Como ler Platão? Um estudo propedêutico

Otacilio Luciano de Sousa Neto1


Camila do Espírito Santo Prado de Olieira 2

1 Introdução/ Desenvolvimento

Platão é um dos filósofos que traz maior dificuldade a quem pretende interpretá-lo. Ele
não escreveu, até onde se sabe, nenhum tratado. Os escritos tradicionalmente atribuídos ao
ateniense são, em sua grande maioria, diálogos de caráter dramático. Platão sempre se refere ao
leitor de modo indireto. Por tal razão todo aquele que deseja pesquisar o pensamento platônico se
depara com um problema: como ler Platão? Esta questão, da maneira aqui colocada, busca
encontrar um método para interpretar o pensamento de Platão, visto que ele não é, de forma
inequívoca, expresso pelo seu estilo dialógico.
É, então, o objetivo deste emprego, encontrar uma maneira de ler Platão que não se
feche para as várias possibilidades de compreensão e para amplitude do pensamento platônico. Para
isto cabe analisar, em primeiro lugar, o que seria a maneira mais recorrente de ler Platão. Feito isso,
deveremos considerar as principais críticas a essa maneira. Analisaremos, a seguir, outra linha de
interpretação de Platão, que propõe uma ordenação do corpus platônico, denominada
“desenvolvimentista”. Devemos, então, questionar se esta ordenação é adequada à tarefa de
interpretar Platão na vastidão de sua obra.
Segundo Rowe, o pensamento de Platão foi freqüentemente tomado como “um conjunto de
teses altamente significativas e conectadas acerca do mundo em geral3.” Esta leitura afirma que
“estas teses estão lá em Platão4”. Ou seja, para estes intérpretes, o pensamento de Platão, contido
nestas teses está exposto em cada um e em todos os diálogos.

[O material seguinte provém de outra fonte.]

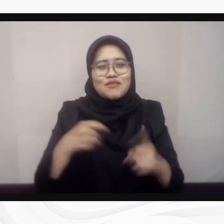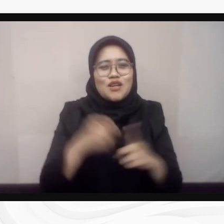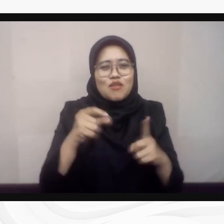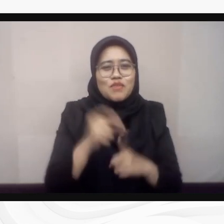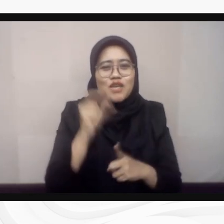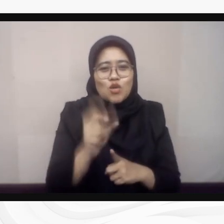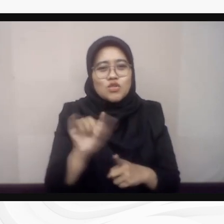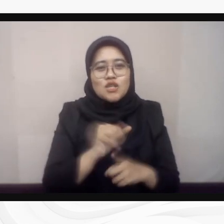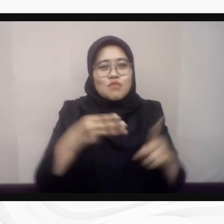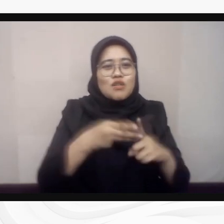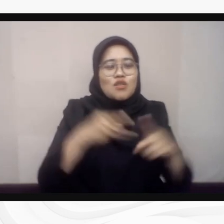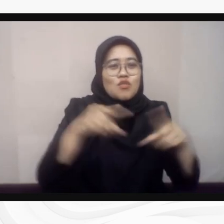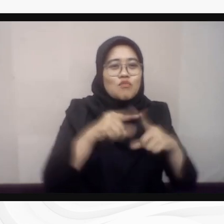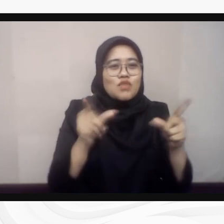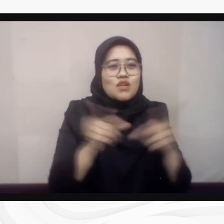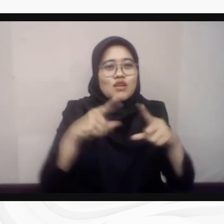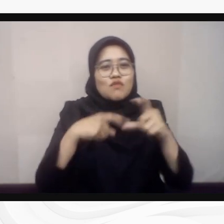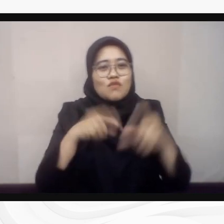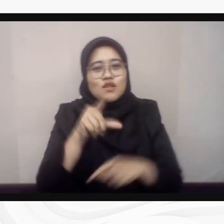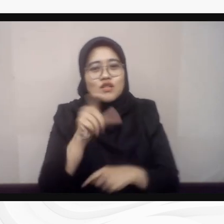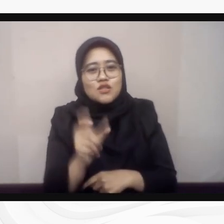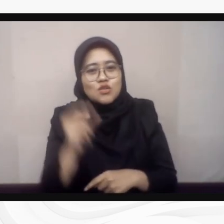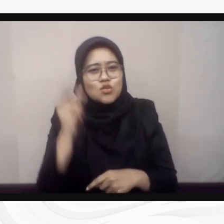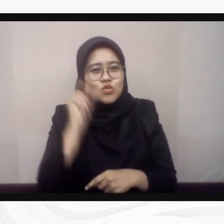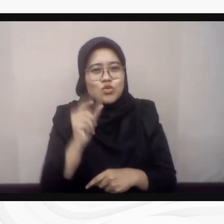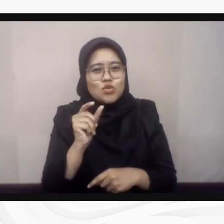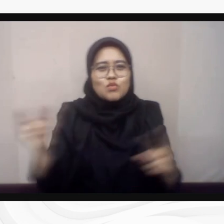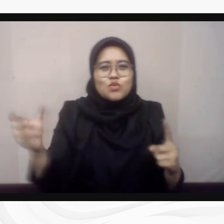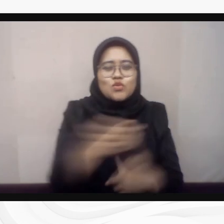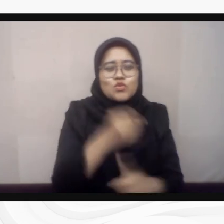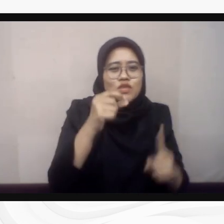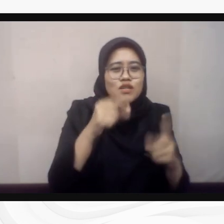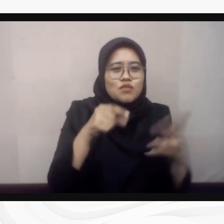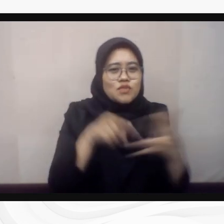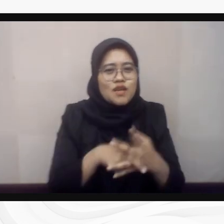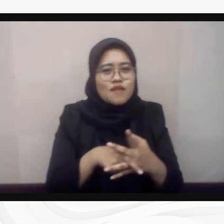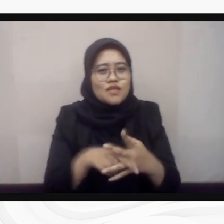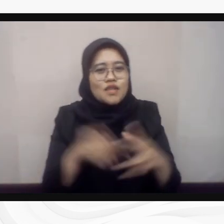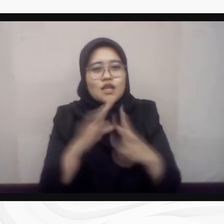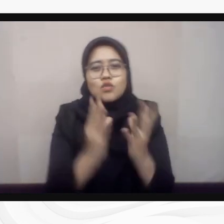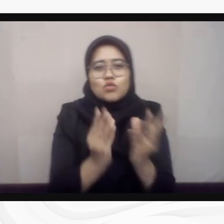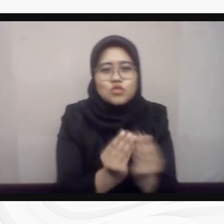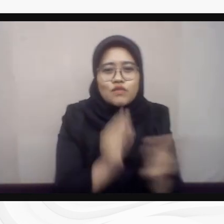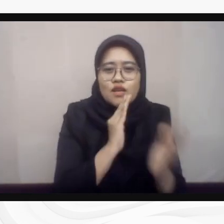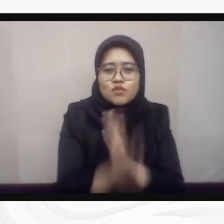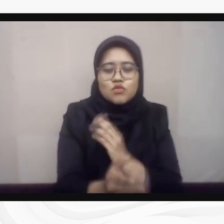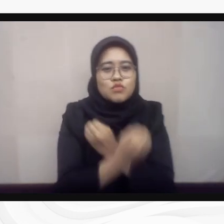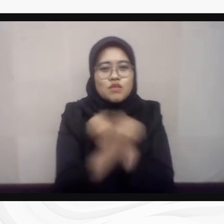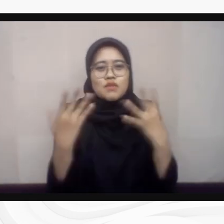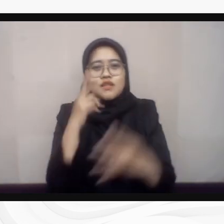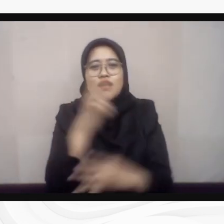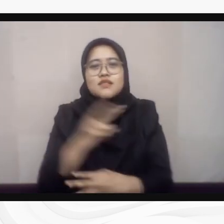untuk mewujudkan pilkada yang inklusif, langsung, umum, bebas, rahasia, jujur dan adil

Porém, essa leitura do corpus
platônico nos leva a um problema, pois:

[…] ameaçadora para todo tipo de interpretação


“dogmática” [assim é denominada tal posição] é a acusação de
que ela pressupõe que o intérprete está autorizado a ler cada
diálogo à luz dos outros, quando os diálogos (assim reza o
argumento) raramente nos convidam a fazer tal coisa, visto que
eles são na maioria artefatos independentes.5

1
Graduando em Licenciatura em Filosofia, Universidade Federal do Ceará, Juazeiro do Norte, Ceará, e-mail:
otacilioluciano@alu.ufc.br

2
Doutoranda em Filosofia, Universidade Federal do Ceará, Juazeiro do Norte, Ceará, e-mail:
camiladoespiritosanto@yahoo.com.br:

3
Cf. ROWE, Chistopher. Interpretando Platão. Em: Hugh H. & Cols. Benson. Platão. Artmed Editora. 2011. p. 28.
4
Idem.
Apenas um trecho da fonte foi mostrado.